I finally figured out how to made a scrumptous meringue cookie with orange zest and assume there are other recipes; does anyone have any tips on how to make a really great meringue?  Such as - this business about letting it cool (crisp?) in the oven - so how do I make multiple batches of them ?

thanks


----------



## MostlyWater (Jan 9, 2011)

No one, huh?  OK, maybe I'll be the first.


----------



## fricassee (Jan 9, 2011)

MostlyWater said:


> No one, huh? OK, maybe I'll be the first.


 
I make meringues often; love the soft centres and the crispy exterior.  After they have finished baking I turn off the heat and leave them in the oven for about an hour; however, I prop the oven door open a wee bit with a wooden spoon.

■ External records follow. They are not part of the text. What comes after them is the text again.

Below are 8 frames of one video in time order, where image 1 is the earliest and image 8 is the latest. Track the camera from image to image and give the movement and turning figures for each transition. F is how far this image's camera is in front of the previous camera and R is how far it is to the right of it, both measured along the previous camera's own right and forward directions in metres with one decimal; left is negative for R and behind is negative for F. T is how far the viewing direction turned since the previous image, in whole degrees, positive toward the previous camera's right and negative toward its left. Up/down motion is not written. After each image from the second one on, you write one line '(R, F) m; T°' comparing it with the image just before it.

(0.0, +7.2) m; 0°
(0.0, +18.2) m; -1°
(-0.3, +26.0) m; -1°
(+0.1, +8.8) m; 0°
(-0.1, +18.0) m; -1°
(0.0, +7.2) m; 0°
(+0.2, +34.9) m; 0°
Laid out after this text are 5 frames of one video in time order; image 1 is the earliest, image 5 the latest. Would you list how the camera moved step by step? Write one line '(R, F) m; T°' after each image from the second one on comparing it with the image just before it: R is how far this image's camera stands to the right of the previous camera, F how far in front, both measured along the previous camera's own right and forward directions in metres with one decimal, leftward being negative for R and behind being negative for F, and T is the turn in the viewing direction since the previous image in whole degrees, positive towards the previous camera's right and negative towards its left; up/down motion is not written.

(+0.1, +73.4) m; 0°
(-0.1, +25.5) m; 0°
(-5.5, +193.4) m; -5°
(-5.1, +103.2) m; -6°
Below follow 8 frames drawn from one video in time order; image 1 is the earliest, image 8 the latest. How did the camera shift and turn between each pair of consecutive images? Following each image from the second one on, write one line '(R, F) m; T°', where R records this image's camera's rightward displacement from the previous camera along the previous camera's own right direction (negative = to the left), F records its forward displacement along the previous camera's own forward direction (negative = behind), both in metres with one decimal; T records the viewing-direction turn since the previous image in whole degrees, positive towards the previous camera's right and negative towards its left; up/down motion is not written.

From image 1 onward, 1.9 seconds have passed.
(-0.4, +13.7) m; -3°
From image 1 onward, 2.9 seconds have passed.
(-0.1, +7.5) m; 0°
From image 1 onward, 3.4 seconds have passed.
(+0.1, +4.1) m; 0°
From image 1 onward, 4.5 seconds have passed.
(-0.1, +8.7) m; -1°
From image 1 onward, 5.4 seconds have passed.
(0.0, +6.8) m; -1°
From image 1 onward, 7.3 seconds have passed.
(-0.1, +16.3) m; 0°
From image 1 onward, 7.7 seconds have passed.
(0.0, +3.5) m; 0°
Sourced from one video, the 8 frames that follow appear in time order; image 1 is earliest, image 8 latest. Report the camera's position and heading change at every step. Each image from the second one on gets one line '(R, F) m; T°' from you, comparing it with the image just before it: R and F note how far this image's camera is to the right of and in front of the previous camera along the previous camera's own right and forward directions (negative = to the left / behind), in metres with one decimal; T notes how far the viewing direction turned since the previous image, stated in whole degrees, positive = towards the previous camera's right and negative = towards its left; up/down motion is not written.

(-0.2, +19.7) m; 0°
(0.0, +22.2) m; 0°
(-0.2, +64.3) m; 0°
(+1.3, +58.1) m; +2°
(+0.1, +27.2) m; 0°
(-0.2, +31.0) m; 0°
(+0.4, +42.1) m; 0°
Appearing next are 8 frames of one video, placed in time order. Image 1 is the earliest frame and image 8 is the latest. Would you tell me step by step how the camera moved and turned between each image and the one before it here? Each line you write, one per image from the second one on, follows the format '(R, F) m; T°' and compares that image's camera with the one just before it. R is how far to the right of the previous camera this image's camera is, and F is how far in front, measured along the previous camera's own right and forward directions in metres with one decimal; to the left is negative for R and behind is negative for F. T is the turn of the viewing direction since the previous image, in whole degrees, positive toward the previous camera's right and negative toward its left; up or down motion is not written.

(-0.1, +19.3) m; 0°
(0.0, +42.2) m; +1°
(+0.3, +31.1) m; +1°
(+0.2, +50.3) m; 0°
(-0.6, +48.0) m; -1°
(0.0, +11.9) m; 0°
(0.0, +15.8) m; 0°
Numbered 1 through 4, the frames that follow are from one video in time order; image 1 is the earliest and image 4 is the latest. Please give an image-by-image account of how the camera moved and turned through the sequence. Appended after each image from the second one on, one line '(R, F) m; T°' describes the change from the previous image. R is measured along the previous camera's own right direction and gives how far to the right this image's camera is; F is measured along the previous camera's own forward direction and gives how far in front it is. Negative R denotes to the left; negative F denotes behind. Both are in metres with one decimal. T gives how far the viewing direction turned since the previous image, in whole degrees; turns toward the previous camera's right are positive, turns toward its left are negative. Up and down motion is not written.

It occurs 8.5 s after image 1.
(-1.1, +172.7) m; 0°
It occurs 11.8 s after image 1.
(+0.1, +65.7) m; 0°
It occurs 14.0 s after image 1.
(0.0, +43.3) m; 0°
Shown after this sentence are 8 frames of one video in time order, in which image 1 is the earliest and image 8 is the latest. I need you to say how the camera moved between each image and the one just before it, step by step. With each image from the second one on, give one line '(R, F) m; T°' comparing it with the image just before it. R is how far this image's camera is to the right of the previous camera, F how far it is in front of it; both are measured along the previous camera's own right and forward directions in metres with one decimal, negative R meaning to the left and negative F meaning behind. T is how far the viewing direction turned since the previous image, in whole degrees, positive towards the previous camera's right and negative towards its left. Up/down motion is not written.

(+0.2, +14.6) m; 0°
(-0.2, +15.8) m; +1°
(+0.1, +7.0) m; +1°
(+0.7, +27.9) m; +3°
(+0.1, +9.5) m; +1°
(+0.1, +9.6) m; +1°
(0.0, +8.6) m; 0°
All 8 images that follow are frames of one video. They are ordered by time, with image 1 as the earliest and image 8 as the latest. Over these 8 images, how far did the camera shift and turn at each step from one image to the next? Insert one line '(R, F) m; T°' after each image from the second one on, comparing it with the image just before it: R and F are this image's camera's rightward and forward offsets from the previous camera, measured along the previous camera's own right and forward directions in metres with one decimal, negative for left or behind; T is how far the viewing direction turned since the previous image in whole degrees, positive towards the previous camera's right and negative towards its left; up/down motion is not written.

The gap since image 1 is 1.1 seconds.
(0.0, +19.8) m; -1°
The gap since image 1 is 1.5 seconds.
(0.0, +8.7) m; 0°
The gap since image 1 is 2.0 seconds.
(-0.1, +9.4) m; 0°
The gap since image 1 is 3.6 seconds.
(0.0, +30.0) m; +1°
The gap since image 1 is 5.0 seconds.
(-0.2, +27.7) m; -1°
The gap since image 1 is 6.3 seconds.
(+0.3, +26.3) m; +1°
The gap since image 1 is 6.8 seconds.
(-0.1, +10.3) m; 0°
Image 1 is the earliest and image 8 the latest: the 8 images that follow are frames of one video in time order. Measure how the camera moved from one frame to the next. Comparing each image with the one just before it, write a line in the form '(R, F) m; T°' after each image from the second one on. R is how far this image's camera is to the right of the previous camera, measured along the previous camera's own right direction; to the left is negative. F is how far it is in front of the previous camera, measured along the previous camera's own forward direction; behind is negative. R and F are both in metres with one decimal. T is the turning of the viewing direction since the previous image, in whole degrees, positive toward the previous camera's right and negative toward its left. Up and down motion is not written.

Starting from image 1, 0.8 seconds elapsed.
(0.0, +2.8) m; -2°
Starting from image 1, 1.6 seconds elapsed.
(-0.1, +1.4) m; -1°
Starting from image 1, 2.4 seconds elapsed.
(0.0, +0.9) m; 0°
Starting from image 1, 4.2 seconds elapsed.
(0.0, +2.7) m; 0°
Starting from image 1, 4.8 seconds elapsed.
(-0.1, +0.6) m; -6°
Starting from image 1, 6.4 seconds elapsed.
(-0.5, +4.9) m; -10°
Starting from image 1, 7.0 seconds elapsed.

Cream of tartar is a great stabilizer.  You can easily flavour them with zest.  Sometimes I add chocolate chunks, other times I add coconut.


----------



## MostlyWater (Jan 9, 2011)

Thank you for replying.

So, how do you make several batches at a time, then ?


----------



## fricassee (Jan 9, 2011)

MostlyWater said:


> Thank you for replying.
> 
> So, how do you make several batches at a time, then ?


 
Oops - I somehow managed not to see that part of your post!  Sorry.  I have a convection oven so thankfully can stack 4 sheets at once.  However, that is the most I have ever done at once.


----------



## MostlyWater (Jan 9, 2011)

Meaning, you bake and let cool in the oven ?  You don't make  more than can fit into the oven at one time ?   I just wonder how bakeries do that !


----------



## fricassee (Jan 9, 2011)

Bakeries are equipped with much better commercial ovens.


----------



## MostlyWater (Jan 10, 2011)

Ohhhhh.   OK.  thanks


----------



## PrincessFiona60 (Jan 10, 2011)

MostlyWater said:


> Ohhhhh. OK. thanks


 
A commercial bakery oven is 6-15 feet wide, with 6-10 shelves.  The shelves hold 3-5 full sheet pans at a time...very easy to get all the cookies you want.  Meringue cookies were usually the last bake of the day, when I worked in the bakery.


----------



## AnnieDrews (Jan 10, 2011)

Now I'm going to have to find that cocoa meringue kiss recipe I used to have. :p


----------



## AnnieDrews (Jan 10, 2011)

If you are still looking for tips, here is something I do remember. Make sure you use a glass or metal bowl that is completely clean and free of oils or moisture and that your beaters are also spotless and free of oil. My mom always used cream of tartar.

On making multiple batches, from what I've read I don't think the "shelf life" is very long for meringues, so probably not a good idea?

Egg whites at room temperature...that just popped into my head, too.


----------



## fricassee (Jan 10, 2011)

Another quick tip - use fine granulated sugar for better texture.  If you do not have any simply whir regular granulated sugar in your food processor until fine.


----------